Your colors are just right. Excellent job!


----------



## sg-99 (Jan 11, 2009)

jaws62666 said:


> I just got this as well. Awesome job. Did you prime everything and if so what did you use. Also what colors did you use


After I washed the kit white primer was used. For the colors of the dragon I used Vallejo tank brown/ hemp mix for the body, hemp for the belly area. next burnt umber for the shading, sandy brown for the highlights and fire red for the wings and then everything was post shaded with black grey. the base got the same treatment Vallejo earth, sandy brown and black grey.


----------



## robiwon (Oct 20, 2006)

You did a great job on the coloring of the dragon. I would say it looks spot on! I think this is the first one I have seen completed. I really need to get one myslef!


----------



## jaws62666 (Mar 25, 2009)

sg-99 said:


> After I washed the kit white primer was used. For the colors of the dragon I used Vallejo tank brown/ hemp mix for the body, hemp for the belly area. next burnt umber for the shading, sandy brown for the highlights and fire red for the wings and then everything was post shaded with black grey. the base got the same treatment Vallejo earth, sandy brown and black grey.


what brand of primer


----------



## IanWilkinson (Apr 23, 2010)

wonderful colour choice!.. looks very natural.. the base is my only gripe with this kit.. wish it was more built up and not as flat...


----------



## John P (Sep 1, 1999)

WOW!!
I hope I can do half that well!


----------



## sg-99 (Jan 11, 2009)

jaws62666 said:


> what brand of primer


Cheap rattlecan hardware store white primer. I use Ace hardware White primer :thumbsup:


----------



## sg-99 (Jan 11, 2009)

Now with finished nameplate and a top view:thumbsup:


----------



## robiwon (Oct 20, 2006)

Again, looks great. When I do mine I'm going to shoot her with Future to give her that wet look she had.


----------



## Jafo (Apr 22, 2005)

sweet!, hope I can do as well also


----------



## Pun13 (Mar 19, 2008)

Wow, really nice work indeed. I like the colors on him

Tom


----------



## sg-99 (Jan 11, 2009)

Got the primary colors on the figure, Vallejo sandy brown for the pants, tank brown/black mix for the tunic and boots. My only complaint is the spear it is made of vinyl and it will never be straight, either brass or styrene rod will be the relace handle for the spear. Next up on the figure some washes and blending:thumbsup:


----------



## moonlightdrive21 (Dec 28, 2011)

sg-99 said:


> Got the primary colors on the figure, Vallejo sandy brown for the pants, tank brown/black mix for the tunic and boots.

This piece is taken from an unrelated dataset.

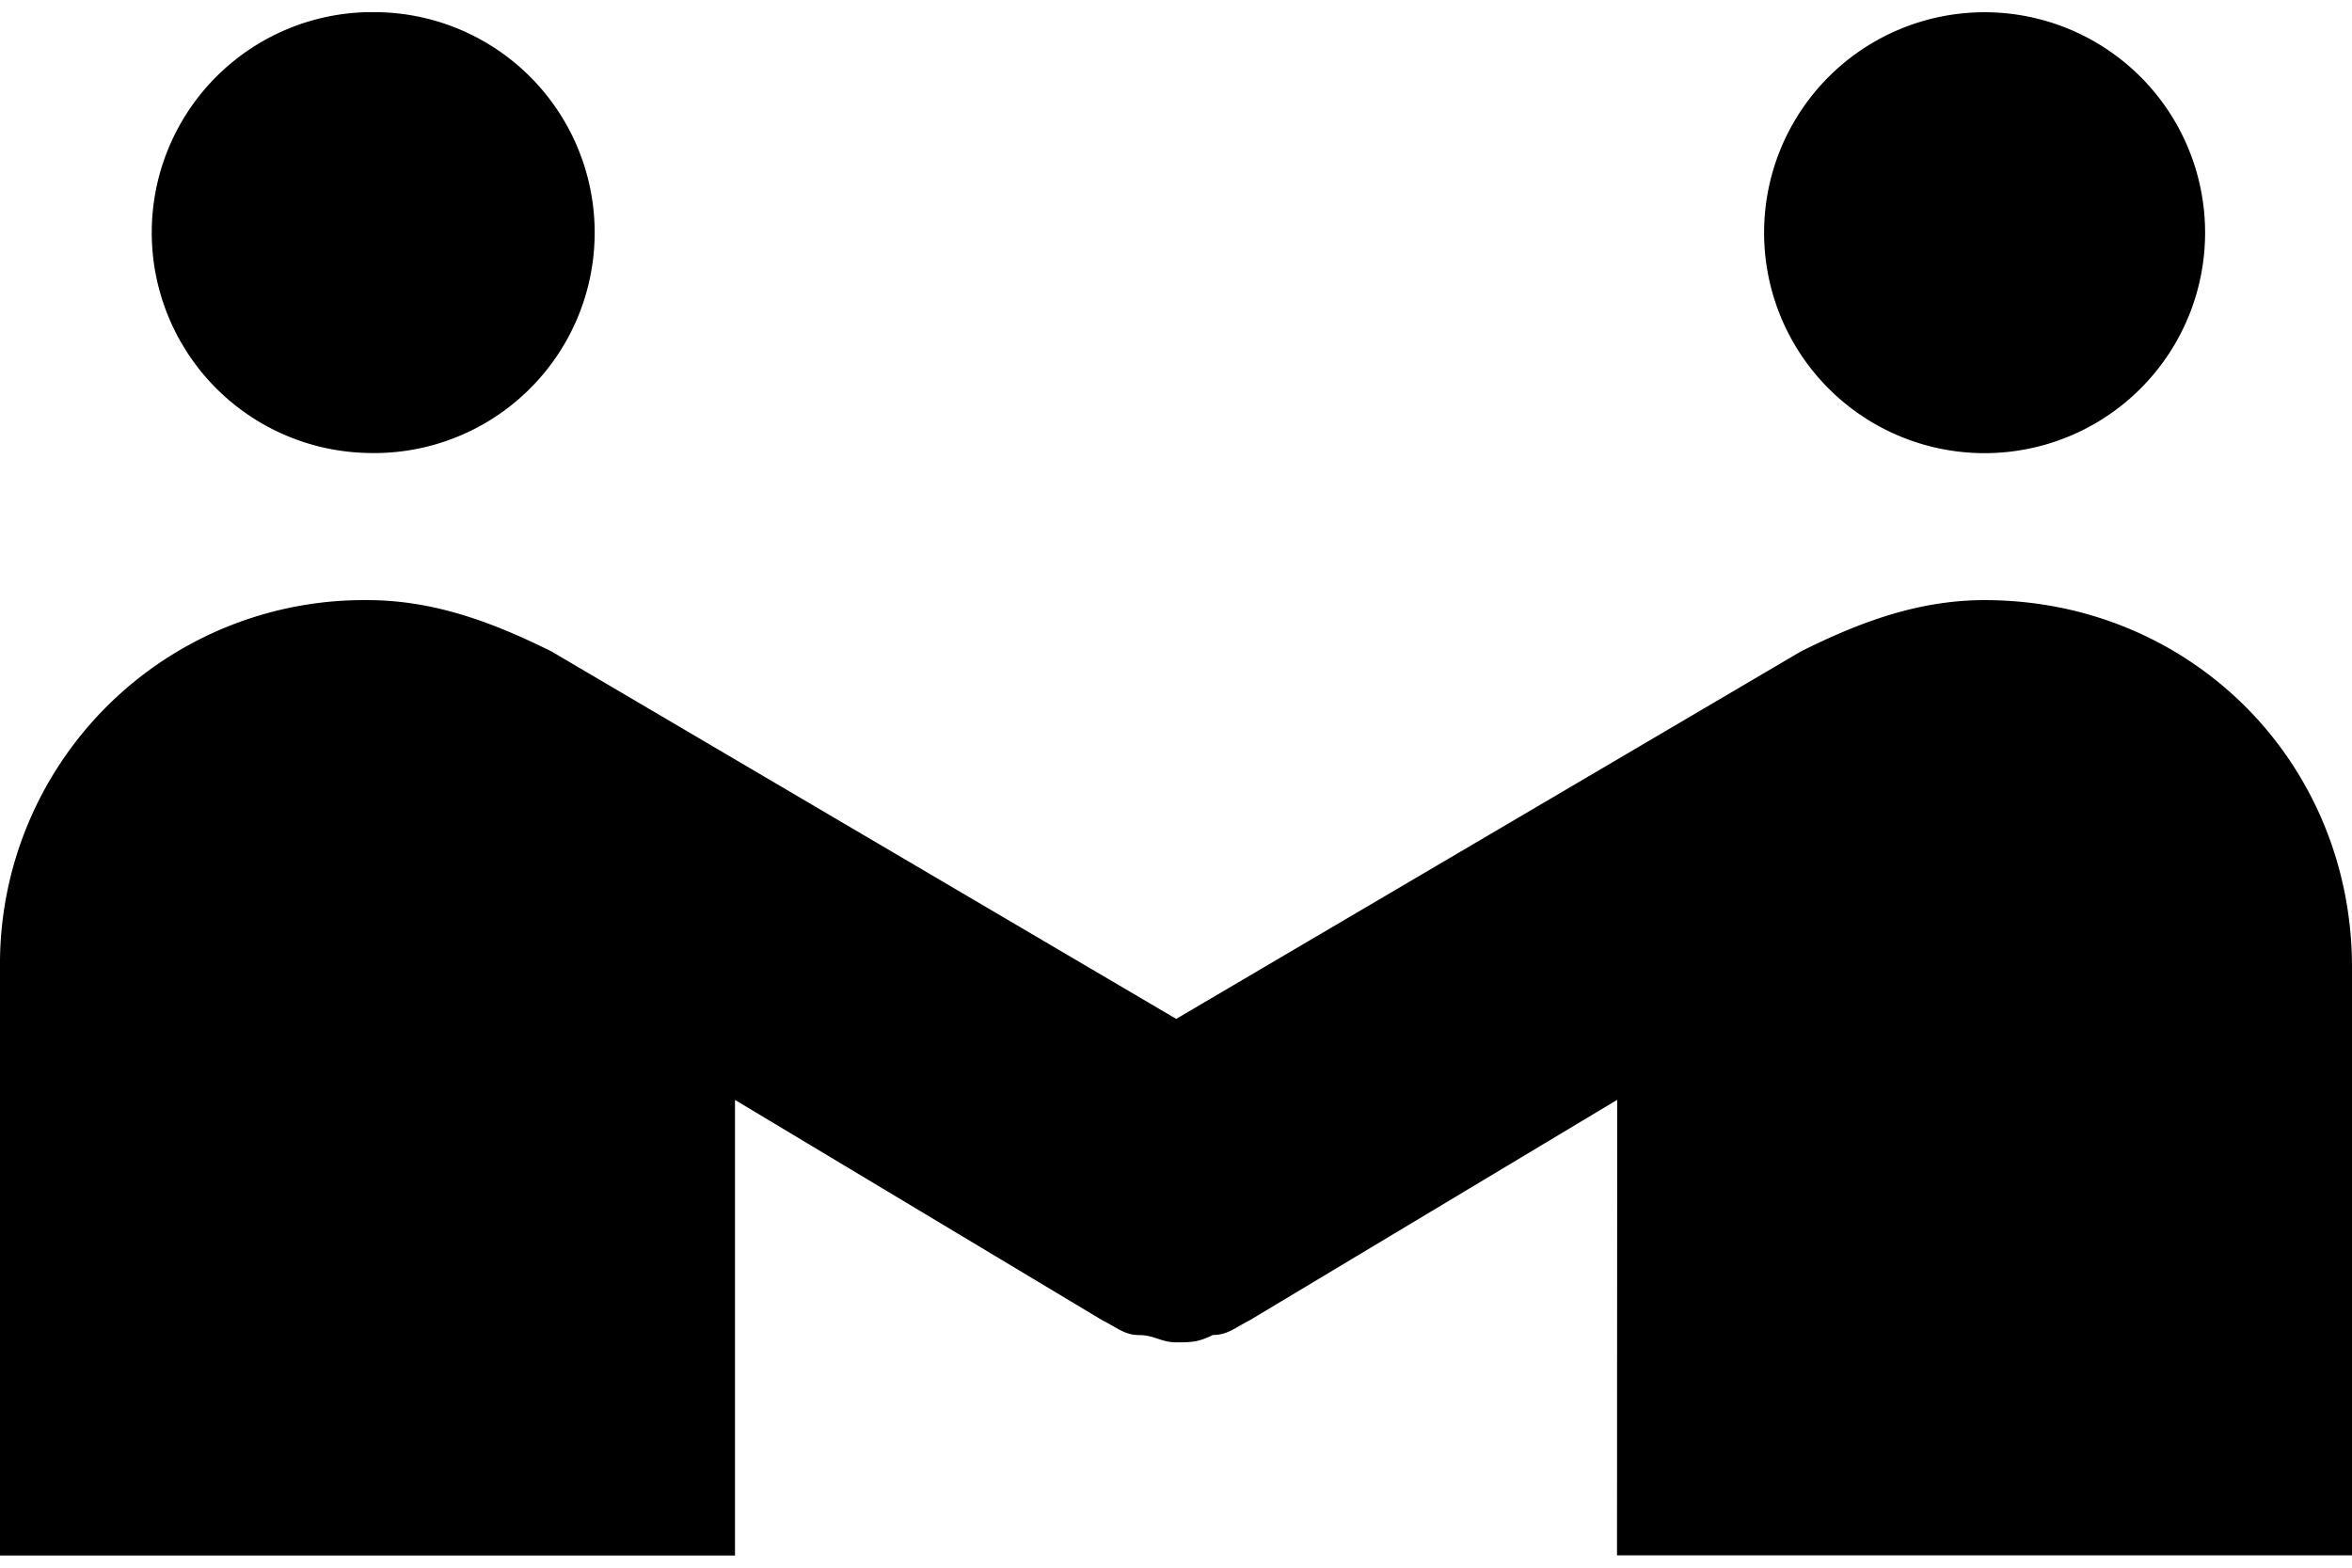 <svg xmlns="http://www.w3.org/2000/svg" viewBox="0 0 24 16"><path fill="currentColor" d="M20.251 6.125c2.1 0 3.749 1.65 3.749 3.749v6h-7.5l.002-4.649-3.75 2.25c-.15.076-.225.15-.376.15-.15.075-.225.075-.375.075s-.225-.074-.376-.074c-.15 0-.225-.076-.375-.15l-3.75-2.25v4.65H0v-6a3.713 3.713 0 0 1 3.75-3.751c.675 0 1.276.225 1.878.524l6.374 3.75 6.374-3.75c.6-.3 1.2-.524 1.875-.524zm-16.5-6a2.25 2.25 0 1 1 0 4.498 2.25 2.25 0 0 1 0-4.499zm16.5 0a2.25 2.25 0 1 1 0 4.5 2.25 2.25 0 0 1 0-4.5z"/></svg>

My only complaint is the spear it is made of vinyl and it will never be straight, either brass or styrene rod will be the relace handle for the spear. Next up on the figure some washes and blending:thumbsup:


Looking real nice !!


----------



## sg-99 (Jan 11, 2009)

A wash and and few shadows and highlights added:thumbsup:


----------



## rkoenn (Dec 18, 2007)

The figure is turning out great too, fantastic job on this kit.


----------



## John P (Sep 1, 1999)

Perfect!

How about a nice wooden dowel for the spear shaft?


----------



## sg-99 (Jan 11, 2009)

That would work and stain it to give it another level of realism:thumbsup:


----------



## SJF (Dec 3, 1999)

Fantastic job on this! 

Sean


----------



## nautilusnut (Jul 9, 2008)

Excellent work-I hope to start mine soon, unfortunately a family member is in the hospital so all "play time" is suspended until further notice.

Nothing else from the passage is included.